→ **Exercise details**
Go to the line containing "Q 644.061 279.183, 641.536 276.302" in the records below. Repeat it and the lines after it exactly, all the way to the end.

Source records
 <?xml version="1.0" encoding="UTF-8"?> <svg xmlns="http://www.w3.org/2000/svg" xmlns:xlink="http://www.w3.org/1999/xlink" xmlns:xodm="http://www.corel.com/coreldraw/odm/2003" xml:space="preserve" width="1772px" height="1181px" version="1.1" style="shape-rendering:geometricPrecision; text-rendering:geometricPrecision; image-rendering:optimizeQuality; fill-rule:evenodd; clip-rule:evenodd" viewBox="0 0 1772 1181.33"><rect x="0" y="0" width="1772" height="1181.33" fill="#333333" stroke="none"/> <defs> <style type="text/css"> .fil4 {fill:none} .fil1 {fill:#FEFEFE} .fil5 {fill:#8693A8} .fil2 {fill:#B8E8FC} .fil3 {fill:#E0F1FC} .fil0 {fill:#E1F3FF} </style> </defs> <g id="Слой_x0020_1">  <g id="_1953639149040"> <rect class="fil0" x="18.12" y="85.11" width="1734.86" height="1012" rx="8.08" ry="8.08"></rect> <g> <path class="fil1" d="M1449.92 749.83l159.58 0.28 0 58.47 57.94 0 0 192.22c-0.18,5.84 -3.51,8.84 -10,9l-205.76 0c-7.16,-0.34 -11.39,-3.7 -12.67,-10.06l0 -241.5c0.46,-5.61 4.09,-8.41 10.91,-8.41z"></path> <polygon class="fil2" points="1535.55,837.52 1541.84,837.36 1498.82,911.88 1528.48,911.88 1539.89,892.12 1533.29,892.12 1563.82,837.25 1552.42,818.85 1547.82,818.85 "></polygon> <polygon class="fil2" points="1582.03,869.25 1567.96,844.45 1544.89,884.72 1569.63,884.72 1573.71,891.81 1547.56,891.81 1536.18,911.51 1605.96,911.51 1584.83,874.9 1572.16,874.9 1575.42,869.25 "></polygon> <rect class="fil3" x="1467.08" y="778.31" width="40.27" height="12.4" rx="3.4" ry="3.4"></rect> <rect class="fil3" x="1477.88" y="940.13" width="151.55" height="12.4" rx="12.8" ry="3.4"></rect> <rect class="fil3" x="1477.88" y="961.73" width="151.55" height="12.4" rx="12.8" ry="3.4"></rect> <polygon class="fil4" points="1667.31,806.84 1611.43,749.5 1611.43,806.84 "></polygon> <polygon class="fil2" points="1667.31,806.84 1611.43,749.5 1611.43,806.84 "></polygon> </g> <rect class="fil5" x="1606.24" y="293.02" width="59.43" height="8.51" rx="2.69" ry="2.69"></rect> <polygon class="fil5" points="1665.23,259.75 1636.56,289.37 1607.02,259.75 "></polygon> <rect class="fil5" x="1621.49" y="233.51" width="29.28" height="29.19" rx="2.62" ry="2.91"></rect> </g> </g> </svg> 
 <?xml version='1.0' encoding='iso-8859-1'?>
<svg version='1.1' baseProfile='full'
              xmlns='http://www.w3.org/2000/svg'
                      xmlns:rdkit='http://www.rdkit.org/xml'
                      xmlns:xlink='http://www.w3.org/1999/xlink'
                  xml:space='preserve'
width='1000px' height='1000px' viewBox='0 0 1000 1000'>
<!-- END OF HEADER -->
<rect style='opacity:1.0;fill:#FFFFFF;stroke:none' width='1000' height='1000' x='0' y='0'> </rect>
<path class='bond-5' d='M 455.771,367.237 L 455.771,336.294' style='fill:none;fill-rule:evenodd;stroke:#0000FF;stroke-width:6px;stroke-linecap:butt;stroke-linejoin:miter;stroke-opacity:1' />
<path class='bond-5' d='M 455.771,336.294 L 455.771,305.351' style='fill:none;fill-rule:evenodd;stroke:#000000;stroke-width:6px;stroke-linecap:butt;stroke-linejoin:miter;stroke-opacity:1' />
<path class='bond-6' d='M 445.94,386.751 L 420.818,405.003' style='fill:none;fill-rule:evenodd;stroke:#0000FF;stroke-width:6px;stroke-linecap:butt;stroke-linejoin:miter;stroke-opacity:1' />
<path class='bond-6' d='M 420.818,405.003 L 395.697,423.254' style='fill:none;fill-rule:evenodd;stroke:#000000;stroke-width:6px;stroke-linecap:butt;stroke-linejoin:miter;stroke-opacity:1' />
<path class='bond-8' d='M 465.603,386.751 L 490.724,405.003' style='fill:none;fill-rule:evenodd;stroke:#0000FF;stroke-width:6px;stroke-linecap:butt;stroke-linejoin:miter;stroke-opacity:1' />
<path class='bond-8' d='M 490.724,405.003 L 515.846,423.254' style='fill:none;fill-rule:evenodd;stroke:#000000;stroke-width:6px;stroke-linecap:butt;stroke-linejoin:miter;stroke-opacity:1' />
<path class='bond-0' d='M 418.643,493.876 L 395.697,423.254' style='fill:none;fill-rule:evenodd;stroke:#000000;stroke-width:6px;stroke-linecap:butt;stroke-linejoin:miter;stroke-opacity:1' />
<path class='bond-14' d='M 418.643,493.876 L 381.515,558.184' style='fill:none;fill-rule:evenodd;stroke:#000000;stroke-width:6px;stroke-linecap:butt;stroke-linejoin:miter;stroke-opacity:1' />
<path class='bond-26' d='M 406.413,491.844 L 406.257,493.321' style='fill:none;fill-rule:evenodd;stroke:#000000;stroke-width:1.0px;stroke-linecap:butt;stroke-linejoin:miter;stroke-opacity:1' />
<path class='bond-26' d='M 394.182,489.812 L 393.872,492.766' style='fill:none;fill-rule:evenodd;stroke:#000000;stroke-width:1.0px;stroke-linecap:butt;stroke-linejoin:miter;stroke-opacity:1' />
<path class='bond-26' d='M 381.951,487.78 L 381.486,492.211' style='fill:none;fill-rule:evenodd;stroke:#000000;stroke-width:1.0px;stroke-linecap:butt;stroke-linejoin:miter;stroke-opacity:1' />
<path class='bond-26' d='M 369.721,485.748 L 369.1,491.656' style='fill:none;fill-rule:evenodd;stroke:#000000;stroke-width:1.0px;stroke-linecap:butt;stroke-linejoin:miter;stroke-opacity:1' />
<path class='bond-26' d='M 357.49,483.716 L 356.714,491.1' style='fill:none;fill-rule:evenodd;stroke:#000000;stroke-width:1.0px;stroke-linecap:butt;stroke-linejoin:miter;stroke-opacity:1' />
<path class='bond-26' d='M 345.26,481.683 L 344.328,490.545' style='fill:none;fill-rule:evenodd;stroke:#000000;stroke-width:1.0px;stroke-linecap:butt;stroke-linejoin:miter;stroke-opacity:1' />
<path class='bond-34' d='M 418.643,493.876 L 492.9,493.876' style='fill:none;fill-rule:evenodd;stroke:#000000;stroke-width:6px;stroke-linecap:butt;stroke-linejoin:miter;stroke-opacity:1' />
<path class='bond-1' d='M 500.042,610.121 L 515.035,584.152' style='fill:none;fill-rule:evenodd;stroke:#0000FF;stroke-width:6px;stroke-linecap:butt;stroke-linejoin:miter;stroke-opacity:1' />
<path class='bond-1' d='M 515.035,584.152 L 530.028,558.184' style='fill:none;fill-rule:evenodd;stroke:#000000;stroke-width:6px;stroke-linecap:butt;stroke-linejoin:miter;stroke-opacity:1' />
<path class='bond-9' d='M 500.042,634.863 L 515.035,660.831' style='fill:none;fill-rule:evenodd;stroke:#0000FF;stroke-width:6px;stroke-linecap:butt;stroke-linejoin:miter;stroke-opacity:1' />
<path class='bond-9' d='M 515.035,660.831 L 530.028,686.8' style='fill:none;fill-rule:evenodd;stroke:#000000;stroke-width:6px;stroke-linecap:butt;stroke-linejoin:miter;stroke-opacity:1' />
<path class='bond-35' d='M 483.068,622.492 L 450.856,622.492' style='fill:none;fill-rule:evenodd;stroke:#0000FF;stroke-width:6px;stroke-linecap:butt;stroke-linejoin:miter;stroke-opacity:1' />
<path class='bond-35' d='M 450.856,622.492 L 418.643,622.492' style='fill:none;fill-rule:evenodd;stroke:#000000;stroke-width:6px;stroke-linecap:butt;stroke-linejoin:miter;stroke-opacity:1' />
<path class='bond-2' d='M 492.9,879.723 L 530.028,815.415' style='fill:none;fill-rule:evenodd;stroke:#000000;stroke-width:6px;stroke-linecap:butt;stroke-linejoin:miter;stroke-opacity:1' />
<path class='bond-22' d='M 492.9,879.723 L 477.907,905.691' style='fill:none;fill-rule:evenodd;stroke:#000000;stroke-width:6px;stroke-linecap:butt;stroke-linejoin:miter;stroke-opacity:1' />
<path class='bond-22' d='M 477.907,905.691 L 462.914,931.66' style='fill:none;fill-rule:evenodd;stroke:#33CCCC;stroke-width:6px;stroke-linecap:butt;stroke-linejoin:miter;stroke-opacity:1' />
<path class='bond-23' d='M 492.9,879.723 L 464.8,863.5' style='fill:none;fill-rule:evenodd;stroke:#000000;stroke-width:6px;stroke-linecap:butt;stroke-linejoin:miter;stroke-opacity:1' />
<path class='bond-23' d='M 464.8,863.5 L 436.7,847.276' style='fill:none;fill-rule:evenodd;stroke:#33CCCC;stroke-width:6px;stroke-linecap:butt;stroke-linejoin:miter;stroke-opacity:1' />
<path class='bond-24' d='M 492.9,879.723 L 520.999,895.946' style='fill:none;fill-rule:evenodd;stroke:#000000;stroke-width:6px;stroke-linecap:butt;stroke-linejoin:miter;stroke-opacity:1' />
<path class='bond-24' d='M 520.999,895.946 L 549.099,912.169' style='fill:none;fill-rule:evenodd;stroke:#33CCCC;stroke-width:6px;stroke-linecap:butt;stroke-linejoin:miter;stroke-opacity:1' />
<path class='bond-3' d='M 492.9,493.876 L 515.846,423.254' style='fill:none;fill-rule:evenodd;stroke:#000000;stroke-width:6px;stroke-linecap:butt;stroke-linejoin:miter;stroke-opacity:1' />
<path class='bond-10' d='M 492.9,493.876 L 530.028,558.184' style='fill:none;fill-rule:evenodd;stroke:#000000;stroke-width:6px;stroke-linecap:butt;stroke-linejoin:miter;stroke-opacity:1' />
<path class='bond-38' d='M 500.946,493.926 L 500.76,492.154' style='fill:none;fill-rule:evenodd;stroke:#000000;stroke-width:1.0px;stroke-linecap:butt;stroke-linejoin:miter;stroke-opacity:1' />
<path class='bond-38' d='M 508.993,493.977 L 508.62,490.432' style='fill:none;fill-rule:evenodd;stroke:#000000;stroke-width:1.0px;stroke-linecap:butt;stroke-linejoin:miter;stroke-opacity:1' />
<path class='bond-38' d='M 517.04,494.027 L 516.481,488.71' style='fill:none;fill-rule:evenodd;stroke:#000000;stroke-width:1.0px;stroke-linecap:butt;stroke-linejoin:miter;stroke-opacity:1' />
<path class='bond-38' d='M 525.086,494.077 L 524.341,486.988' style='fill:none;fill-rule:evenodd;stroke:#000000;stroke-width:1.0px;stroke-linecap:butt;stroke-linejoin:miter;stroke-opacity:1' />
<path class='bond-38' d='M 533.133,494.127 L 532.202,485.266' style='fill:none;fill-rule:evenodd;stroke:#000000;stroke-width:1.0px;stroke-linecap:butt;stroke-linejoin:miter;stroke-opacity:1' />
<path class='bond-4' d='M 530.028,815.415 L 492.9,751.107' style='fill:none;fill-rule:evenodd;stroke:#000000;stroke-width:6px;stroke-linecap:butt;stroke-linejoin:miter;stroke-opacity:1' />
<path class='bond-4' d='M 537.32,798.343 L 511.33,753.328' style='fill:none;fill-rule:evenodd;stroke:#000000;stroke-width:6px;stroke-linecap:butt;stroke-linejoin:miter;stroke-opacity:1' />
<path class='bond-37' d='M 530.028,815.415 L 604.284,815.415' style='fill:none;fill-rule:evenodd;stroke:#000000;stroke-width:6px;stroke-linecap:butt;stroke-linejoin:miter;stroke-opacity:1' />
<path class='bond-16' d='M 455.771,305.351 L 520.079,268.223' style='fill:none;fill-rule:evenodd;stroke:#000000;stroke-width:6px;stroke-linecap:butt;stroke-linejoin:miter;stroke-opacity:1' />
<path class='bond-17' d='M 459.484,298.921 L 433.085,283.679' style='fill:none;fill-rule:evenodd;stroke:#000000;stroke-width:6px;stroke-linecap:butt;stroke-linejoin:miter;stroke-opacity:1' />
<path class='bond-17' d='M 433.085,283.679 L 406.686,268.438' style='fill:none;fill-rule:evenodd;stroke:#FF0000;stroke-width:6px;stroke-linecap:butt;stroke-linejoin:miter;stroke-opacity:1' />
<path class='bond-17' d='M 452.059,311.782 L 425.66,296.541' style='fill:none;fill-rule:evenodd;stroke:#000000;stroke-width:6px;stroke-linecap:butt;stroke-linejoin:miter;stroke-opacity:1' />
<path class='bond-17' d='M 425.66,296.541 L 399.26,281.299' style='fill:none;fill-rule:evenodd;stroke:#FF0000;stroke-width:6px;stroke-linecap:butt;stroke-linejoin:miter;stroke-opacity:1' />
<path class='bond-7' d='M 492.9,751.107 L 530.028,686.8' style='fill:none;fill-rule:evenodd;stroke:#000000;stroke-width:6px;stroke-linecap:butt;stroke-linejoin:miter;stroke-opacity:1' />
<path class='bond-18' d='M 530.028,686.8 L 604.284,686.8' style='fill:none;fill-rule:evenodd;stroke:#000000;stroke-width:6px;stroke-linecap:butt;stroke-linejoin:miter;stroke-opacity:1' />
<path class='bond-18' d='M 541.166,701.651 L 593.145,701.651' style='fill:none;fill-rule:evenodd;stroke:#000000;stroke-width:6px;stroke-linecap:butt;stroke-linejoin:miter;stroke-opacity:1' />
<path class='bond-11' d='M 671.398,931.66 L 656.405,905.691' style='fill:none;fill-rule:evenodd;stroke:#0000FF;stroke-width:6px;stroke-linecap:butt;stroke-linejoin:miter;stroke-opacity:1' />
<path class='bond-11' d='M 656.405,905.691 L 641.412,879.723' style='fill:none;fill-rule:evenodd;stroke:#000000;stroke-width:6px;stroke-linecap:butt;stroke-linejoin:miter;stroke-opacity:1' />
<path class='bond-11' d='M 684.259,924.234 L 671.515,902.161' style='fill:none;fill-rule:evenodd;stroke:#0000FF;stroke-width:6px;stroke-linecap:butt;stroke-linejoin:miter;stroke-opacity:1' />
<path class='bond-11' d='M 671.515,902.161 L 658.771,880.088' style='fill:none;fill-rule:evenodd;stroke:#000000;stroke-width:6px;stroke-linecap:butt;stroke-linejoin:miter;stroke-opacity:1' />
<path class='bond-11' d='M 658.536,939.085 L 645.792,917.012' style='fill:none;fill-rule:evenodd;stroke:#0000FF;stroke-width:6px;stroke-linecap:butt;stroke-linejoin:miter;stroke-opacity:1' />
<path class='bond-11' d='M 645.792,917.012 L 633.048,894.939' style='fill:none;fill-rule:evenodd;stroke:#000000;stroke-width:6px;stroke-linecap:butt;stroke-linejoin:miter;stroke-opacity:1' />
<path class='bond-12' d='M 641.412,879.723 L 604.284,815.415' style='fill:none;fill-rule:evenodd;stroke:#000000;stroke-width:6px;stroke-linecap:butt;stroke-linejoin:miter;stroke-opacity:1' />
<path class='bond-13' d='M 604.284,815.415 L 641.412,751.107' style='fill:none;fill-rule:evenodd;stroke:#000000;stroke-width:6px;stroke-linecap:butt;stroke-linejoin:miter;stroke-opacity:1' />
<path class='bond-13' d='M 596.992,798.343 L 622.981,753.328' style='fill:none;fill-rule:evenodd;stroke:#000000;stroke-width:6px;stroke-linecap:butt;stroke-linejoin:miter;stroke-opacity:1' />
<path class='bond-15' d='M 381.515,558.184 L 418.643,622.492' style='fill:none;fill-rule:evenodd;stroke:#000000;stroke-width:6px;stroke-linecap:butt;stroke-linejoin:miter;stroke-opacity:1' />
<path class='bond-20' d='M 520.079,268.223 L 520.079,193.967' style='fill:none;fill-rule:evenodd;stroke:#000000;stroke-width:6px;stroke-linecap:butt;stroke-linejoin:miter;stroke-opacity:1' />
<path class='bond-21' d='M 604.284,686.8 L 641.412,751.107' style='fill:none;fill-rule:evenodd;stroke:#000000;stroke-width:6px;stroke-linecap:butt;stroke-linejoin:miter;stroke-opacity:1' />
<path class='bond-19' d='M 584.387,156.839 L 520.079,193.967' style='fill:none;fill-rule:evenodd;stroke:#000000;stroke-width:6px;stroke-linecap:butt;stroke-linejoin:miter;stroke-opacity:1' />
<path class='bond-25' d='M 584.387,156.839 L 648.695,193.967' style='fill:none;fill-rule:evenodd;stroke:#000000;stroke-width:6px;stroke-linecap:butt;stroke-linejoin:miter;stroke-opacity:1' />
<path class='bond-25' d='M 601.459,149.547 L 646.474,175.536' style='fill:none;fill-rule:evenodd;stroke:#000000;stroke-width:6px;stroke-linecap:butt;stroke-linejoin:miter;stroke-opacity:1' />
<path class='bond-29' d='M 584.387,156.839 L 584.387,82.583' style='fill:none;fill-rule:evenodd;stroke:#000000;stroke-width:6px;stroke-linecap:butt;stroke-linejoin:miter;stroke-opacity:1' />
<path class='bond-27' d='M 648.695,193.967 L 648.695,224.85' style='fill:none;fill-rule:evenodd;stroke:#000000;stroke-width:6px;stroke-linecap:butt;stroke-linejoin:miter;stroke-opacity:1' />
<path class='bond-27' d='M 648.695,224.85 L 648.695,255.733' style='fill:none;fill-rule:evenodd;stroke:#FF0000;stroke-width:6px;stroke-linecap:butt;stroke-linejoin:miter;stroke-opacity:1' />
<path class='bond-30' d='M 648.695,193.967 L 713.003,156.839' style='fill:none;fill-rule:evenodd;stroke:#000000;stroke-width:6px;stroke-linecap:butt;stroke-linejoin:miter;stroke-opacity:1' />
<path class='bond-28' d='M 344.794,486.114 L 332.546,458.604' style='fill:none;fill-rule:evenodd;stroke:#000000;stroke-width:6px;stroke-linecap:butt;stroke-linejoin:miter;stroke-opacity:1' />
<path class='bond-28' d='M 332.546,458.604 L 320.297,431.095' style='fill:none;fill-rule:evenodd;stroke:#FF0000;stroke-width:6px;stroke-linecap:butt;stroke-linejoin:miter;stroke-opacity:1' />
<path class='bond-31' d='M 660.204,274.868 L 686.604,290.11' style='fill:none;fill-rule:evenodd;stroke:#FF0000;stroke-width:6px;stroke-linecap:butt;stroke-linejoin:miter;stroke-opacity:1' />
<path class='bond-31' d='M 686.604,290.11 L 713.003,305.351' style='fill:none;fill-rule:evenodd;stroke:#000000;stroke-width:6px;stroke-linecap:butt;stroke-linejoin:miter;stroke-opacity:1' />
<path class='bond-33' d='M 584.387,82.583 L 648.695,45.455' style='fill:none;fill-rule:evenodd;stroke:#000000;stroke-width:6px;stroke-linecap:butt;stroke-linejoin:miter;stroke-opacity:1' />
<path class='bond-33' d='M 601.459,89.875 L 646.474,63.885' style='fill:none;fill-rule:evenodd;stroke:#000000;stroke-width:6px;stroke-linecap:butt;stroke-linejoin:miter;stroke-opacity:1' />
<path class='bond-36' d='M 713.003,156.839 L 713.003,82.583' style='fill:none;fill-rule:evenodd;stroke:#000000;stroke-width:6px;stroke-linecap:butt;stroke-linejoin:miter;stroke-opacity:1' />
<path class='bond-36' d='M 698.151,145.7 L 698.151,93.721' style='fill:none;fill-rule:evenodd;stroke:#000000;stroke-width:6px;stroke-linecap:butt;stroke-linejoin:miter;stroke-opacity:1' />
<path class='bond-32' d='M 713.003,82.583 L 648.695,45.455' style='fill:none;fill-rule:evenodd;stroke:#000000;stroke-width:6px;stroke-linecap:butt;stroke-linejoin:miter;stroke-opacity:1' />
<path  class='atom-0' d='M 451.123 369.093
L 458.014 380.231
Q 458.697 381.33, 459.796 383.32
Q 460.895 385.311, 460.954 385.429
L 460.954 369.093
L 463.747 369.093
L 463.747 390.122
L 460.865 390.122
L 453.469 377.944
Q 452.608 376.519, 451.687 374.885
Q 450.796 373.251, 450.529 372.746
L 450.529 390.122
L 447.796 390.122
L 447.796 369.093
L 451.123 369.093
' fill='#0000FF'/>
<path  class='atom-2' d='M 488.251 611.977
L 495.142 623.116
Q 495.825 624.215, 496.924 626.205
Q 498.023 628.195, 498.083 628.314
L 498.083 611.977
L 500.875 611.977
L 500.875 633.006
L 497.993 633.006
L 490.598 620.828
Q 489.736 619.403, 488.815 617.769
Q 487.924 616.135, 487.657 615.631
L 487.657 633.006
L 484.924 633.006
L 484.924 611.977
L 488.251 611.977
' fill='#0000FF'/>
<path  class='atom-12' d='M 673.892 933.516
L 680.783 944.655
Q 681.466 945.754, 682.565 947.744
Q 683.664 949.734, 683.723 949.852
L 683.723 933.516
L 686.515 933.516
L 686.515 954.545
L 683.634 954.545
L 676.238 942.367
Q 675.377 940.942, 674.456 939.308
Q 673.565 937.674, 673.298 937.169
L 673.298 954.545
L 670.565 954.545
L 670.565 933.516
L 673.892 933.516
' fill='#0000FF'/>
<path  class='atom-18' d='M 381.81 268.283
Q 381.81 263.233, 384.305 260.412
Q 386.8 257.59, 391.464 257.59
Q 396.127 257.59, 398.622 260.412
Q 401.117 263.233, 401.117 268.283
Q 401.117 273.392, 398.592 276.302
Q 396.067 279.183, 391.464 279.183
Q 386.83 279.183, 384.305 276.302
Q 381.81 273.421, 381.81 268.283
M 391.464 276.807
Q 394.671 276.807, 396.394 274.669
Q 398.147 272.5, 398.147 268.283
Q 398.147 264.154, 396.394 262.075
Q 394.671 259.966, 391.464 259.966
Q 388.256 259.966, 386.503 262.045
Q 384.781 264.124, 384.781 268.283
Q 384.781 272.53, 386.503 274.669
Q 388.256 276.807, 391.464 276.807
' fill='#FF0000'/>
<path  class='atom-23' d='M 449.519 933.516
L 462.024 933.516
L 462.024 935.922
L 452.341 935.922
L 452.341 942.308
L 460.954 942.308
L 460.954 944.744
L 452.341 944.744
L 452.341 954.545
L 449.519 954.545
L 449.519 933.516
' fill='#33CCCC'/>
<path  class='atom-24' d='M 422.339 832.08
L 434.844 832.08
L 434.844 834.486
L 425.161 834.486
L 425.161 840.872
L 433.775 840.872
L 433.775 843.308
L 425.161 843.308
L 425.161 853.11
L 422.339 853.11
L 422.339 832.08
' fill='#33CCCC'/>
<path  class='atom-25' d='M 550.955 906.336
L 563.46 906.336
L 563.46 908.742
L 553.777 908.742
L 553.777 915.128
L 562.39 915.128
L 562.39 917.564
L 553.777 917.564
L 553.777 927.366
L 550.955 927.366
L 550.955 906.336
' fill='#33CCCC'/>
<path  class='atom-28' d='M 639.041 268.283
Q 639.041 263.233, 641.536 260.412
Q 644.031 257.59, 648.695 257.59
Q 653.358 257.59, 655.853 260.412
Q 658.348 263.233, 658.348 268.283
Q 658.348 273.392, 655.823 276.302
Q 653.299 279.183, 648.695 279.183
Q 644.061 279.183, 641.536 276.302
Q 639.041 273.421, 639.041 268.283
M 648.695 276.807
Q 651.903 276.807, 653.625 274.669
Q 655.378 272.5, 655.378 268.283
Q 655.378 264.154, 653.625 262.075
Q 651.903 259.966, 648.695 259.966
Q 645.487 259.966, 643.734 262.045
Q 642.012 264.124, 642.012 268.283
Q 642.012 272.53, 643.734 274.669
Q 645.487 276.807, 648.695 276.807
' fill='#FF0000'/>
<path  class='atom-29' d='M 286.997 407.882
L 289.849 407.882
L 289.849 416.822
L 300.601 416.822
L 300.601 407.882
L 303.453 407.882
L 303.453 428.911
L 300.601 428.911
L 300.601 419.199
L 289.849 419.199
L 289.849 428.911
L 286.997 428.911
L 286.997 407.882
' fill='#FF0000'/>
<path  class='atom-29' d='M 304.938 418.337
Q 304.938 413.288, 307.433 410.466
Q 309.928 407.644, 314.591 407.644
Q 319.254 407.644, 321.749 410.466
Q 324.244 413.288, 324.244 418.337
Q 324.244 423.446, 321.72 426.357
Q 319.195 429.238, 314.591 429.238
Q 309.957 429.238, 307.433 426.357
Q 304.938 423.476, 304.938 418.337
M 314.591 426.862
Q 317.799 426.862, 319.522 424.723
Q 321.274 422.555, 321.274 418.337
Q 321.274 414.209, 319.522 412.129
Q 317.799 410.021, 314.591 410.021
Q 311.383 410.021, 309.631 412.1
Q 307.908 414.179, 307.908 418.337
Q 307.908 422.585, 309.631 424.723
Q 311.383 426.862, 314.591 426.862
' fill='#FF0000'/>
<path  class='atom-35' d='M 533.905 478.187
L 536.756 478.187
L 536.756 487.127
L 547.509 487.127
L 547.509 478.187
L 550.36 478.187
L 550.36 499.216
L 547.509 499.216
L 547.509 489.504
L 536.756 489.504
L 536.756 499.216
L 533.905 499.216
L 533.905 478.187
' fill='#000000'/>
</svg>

→ **The answer**
Q 644.061 279.183, 641.536 276.302
Q 639.041 273.421, 639.041 268.283
M 648.695 276.807
Q 651.903 276.807, 653.625 274.669
Q 655.378 272.5, 655.378 268.283
Q 655.378 264.154, 653.625 262.075
Q 651.903 259.966, 648.695 259.966
Q 645.487 259.966, 643.734 262.045
Q 642.012 264.124, 642.012 268.283
Q 642.012 272.53, 643.734 274.669
Q 645.487 276.807, 648.695 276.807
' fill='#FF0000'/>
<path  class='atom-29' d='M 286.997 407.882
L 289.849 407.882
L 289.849 416.822
L 300.601 416.822
L 300.601 407.882
L 303.453 407.882
L 303.453 428.911
L 300.601 428.911
L 300.601 419.199
L 289.849 419.199
L 289.849 428.911
L 286.997 428.911
L 286.997 407.882
' fill='#FF0000'/>
<path  class='atom-29' d='M 304.938 418.337
Q 304.938 413.288, 307.433 410.466
Q 309.928 407.644, 314.591 407.644
Q 319.254 407.644, 321.749 410.466
Q 324.244 413.288, 324.244 418.337
Q 324.244 423.446, 321.72 426.357
Q 319.195 429.238, 314.591 429.238
Q 309.957 429.238, 307.433 426.357
Q 304.938 423.476, 304.938 418.337
M 314.591 426.862
Q 317.799 426.862, 319.522 424.723
Q 321.274 422.555, 321.274 418.337
Q 321.274 414.209, 319.522 412.129
Q 317.799 410.021, 314.591 410.021
Q 311.383 410.021, 309.631 412.1
Q 307.908 414.179, 307.908 418.337
Q 307.908 422.585, 309.631 424.723
Q 311.383 426.862, 314.591 426.862
' fill='#FF0000'/>
<path  class='atom-35' d='M 533.905 478.187
L 536.756 478.187
L 536.756 487.127
L 547.509 487.127
L 547.509 478.187
L 550.36 478.187
L 550.36 499.216
L 547.509 499.216
L 547.509 489.504
L 536.756 489.504
L 536.756 499.216
L 533.905 499.216
L 533.905 478.187
' fill='#000000'/>
</svg>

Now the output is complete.